▶ [WHAT TO PRODUCE] Retype every line from the top of the entries down to the one with "The vertical gap", both included, and skip the pictures.

(Dataset entries)
--

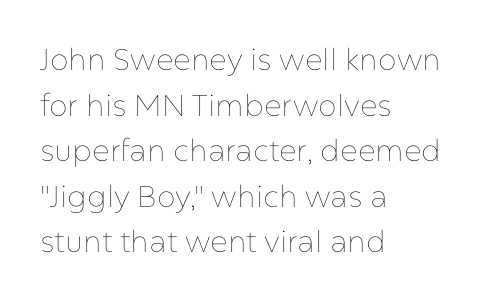
Q: Is the text bold? A: No.
Q: Is the text italic (slanted)? A: No, it is upright.
Q: Is the text underlined? A: No.
Q: How is the paragraph aligned? A: Left-aligned.
Q: Is the spacing between letters normal or unusually wide? A: Normal.
Q: Is the spacing between lines tight, normal or loose? A: Normal.
Q: Width (condensed, normal, or wide)? A: Normal.
Q: Stroke contrast? A: Low.
Q: x-height? A: Medium.
Q: Monospaced? A: No.
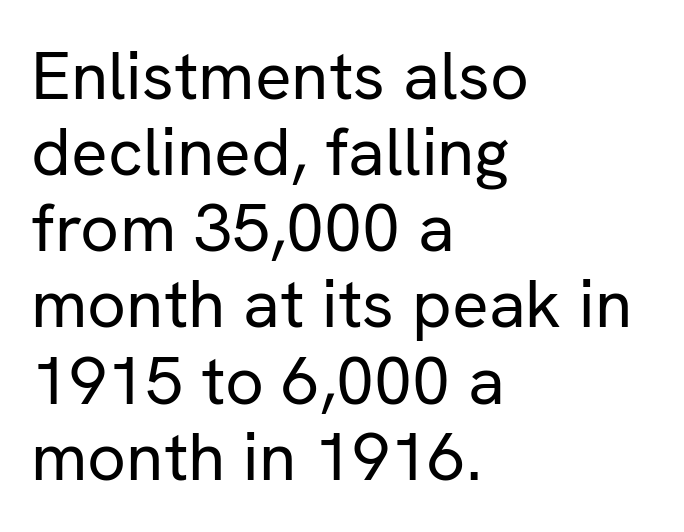
{"serif": "no", "italic": "no", "bold": "no", "weight": "regular", "width": "normal", "stroke_contrast": "low", "x_height": "medium", "monospaced": "no", "underline": "no", "align": "left", "line_spacing": "tight", "line_spacing_ratio": 1.12, "letter_spacing": "normal", "letter_spacing_em": 0.0, "glyph_px": 68}
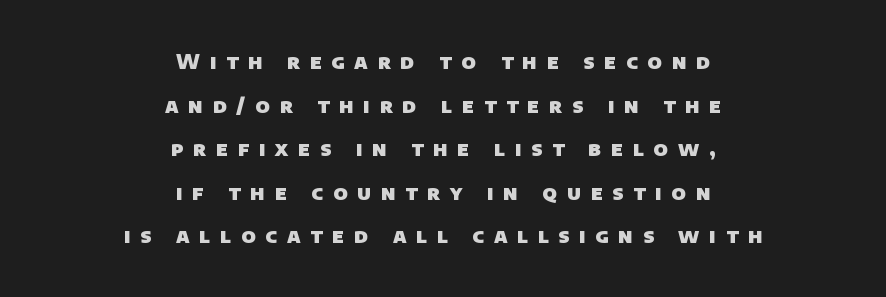
The vertical gap from one line to the next is large. The paragraph has two soft edges and a firm central axis. Has an underline been added? It has not. In terms of weight, the rendering is a true, heavy bold.
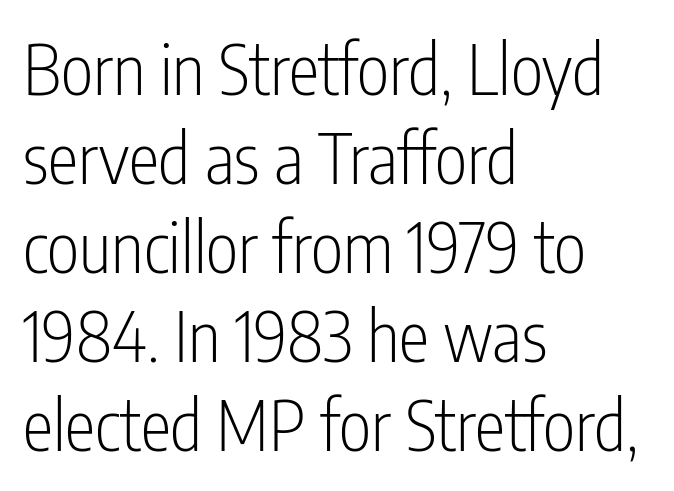
{"serif": "no", "italic": "no", "bold": "no", "weight": "light", "width": "condensed", "stroke_contrast": "low", "x_height": "medium", "monospaced": "no", "underline": "no", "align": "left", "line_spacing": "normal", "line_spacing_ratio": 1.29, "letter_spacing": "normal", "letter_spacing_em": 0.0, "glyph_px": 69}
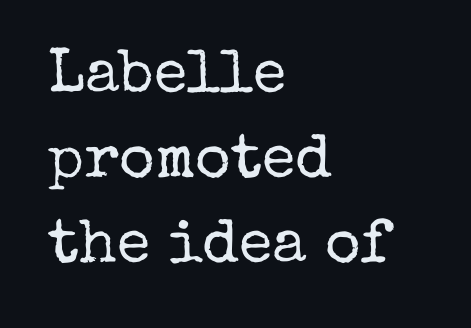
Plain, unruled lines of type. Look at the bottom of the vertical strokes: they flare into serifs here. A classic flush-left, rag-right setting is used for this passage. On a weight scale, this lands at 450 or below.
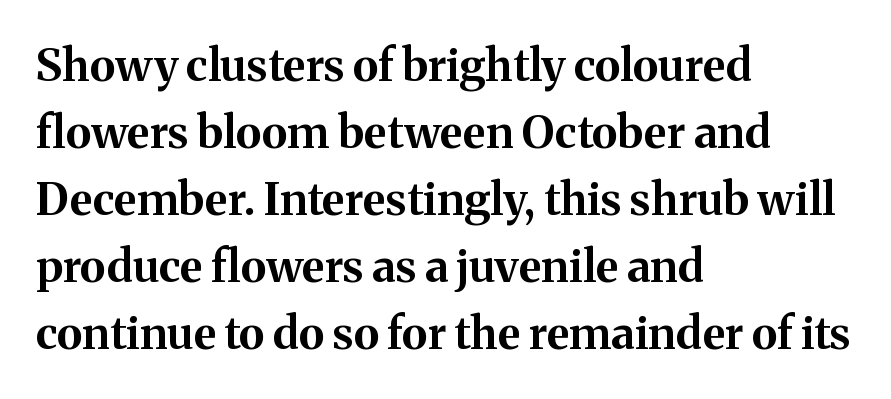
If you measured baseline to baseline, you'd find a middling distance. Font category for this specimen: serif. These lines are rendered in a variable-pitch font. A roman cut, with each character standing at attention. Every letter is thick-stroked: bold, no question.
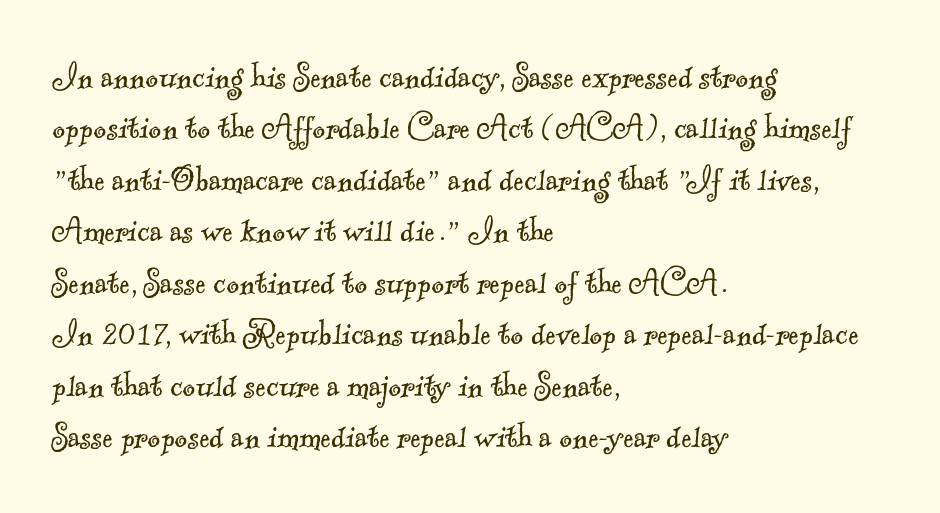
The image shows 39 px light serif type; set left-aligned, normal line spacing (1.32x), normal letter spacing, not underlined; a small x-height.
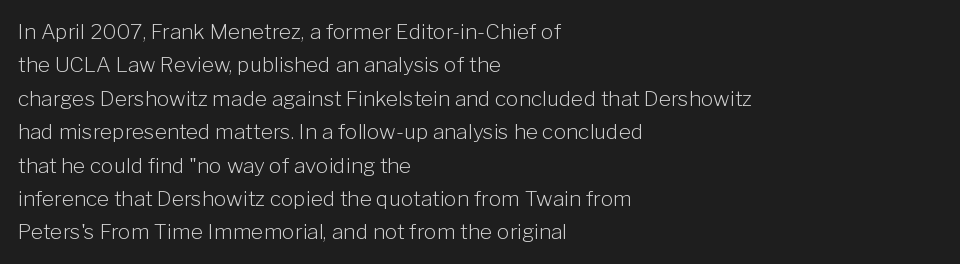
The image shows 21 px text type, upright; set left-aligned, normal line spacing (1.59x), normal letter spacing, not underlined.
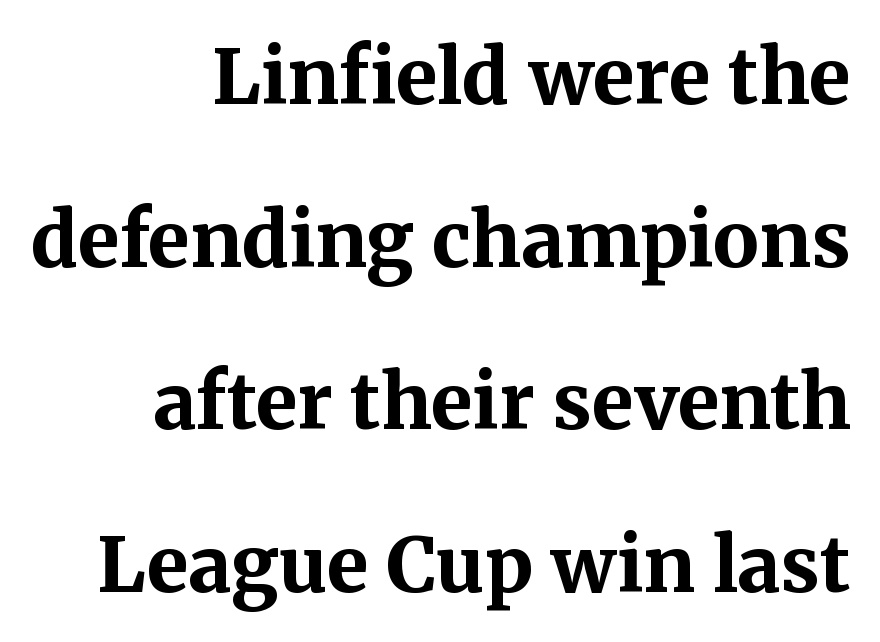
{"serif": "yes", "italic": "no", "bold": "yes", "weight": "bold", "width": "normal", "stroke_contrast": "medium", "x_height": "medium", "monospaced": "no", "underline": "no", "align": "right", "line_spacing": "loose", "line_spacing_ratio": 2.14, "letter_spacing": "normal", "letter_spacing_em": 0.0, "glyph_px": 76}
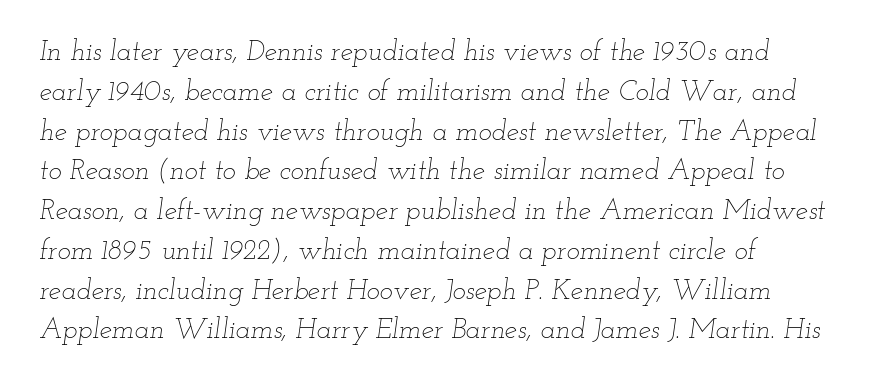
Caption: face not bold, strokes unweighted. The passage shown has conventional tracking throughout. A typesetter would call this leading conventional body-copy spacing. The zone under the glyphs is completely vacant. You could not count columns in this text — the font is proportionally spaced. These lines stack with their left ends in a neat column.
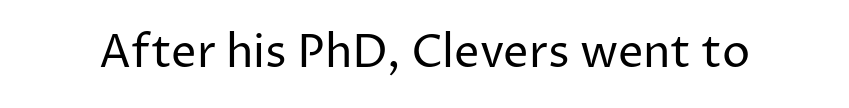
{"serif": "no", "italic": "no", "bold": "no", "weight": "regular", "width": "normal", "stroke_contrast": "low", "x_height": "medium", "monospaced": "no", "underline": "no", "letter_spacing": "normal", "letter_spacing_em": 0.0, "glyph_px": 45}
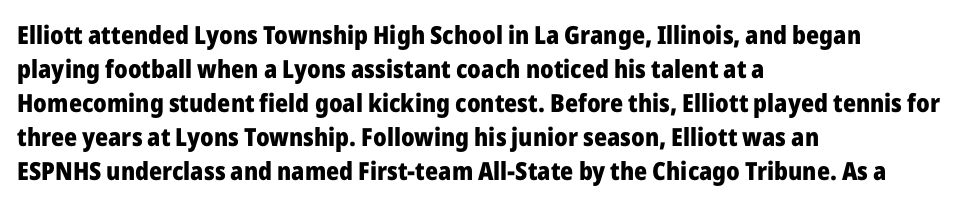
Just letters on the line, the space beneath them empty. No italicization has been applied; the sample stays upright. The rows are spaced the way most documents space them. The glyphs have the mass of a bold cut. Look at the tracking — it's just the regular setting, nothing added. Each line starts at the same left margin while the right side varies.
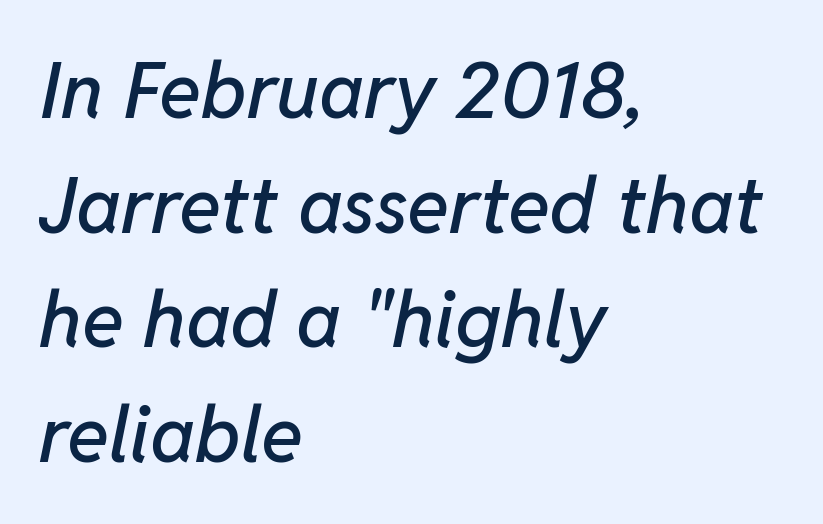
Caption: standard tracking, unaltered. Descender tails drop into unmarked territory. One-word summary of the alignment: left. Character widths vary here, with narrow letters taking less room than wide ones. Does the lettering tilt? It does — this is italic. Is there much room between lines? A standard amount, neither cramped nor airy.
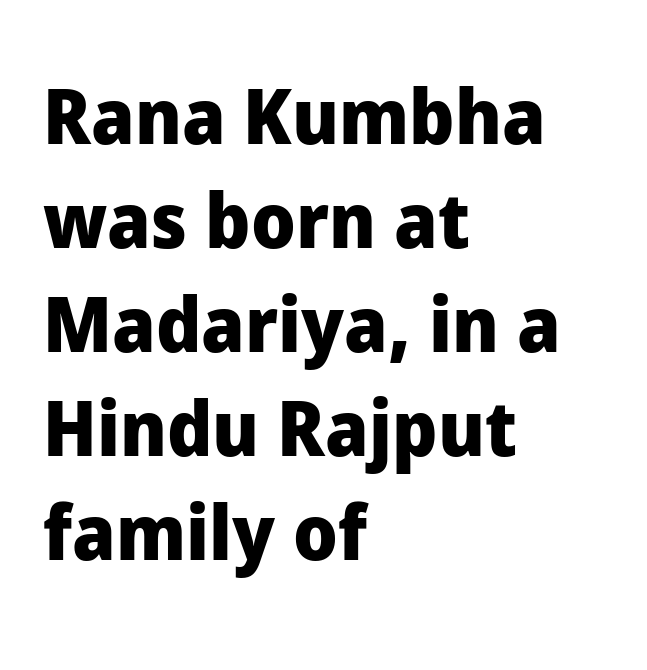
The image shows 76 px heavy sans-serif type, upright; set left-aligned, normal line spacing (1.37x), normal letter spacing, not underlined; low stroke contrast and a medium x-height.
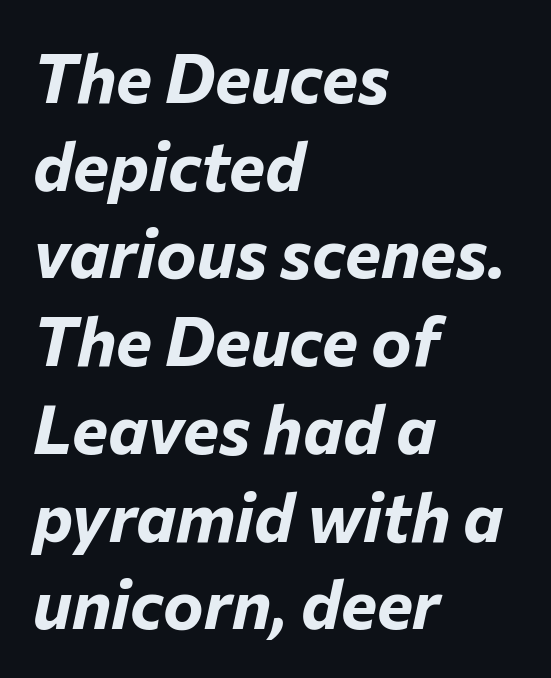
Q: Is the text bold? A: Yes.
Q: Is the text italic (slanted)? A: Yes, it leans right by about 12 degrees.
Q: Is the text underlined? A: No.
Q: How is the paragraph aligned? A: Left-aligned.
Q: Is the spacing between letters normal or unusually wide? A: Normal.
Q: Is the spacing between lines tight, normal or loose? A: Normal.
Q: Width (condensed, normal, or wide)? A: Normal.
Q: Stroke contrast? A: Low.
Q: x-height? A: Medium.
Q: Monospaced? A: No.
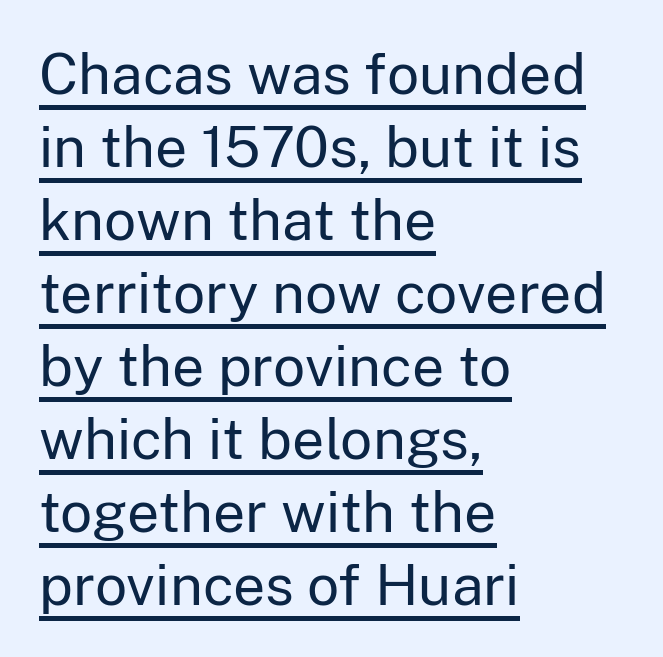
Horizontal bands of white between lines are of average thickness. Does the copy run flush right? No — it runs flush left. The sample's only ornament is a line tracing under the words. A quiet, ordinary-to-light weight characterises the typeface.

--

▶ [PROBLEM SOLUTION]
Q: Is the text bold? A: No.
Q: Is the text italic (slanted)? A: No, it is upright.
Q: Is the text underlined? A: No.
Q: How is the paragraph aligned? A: Left-aligned.
Q: Is the spacing between letters normal or unusually wide? A: Normal.
Q: Is the spacing between lines tight, normal or loose? A: Normal.
Q: Width (condensed, normal, or wide)? A: Normal.
Q: Stroke contrast? A: Low.
Q: x-height? A: Medium.
Q: Monospaced? A: No.
{"serif": "no", "italic": "no", "bold": "no", "weight": "regular", "width": "normal", "stroke_contrast": "low", "x_height": "medium", "monospaced": "no", "underline": "no", "align": "left", "line_spacing": "tight", "line_spacing_ratio": 1.12, "letter_spacing": "normal", "letter_spacing_em": 0.0, "glyph_px": 68}
The vertical gap from one line to the next is large. The paragraph has two soft edges and a firm central axis. Has an underline been added? It has not. In terms of weight, the rendering is a true, heavy bold.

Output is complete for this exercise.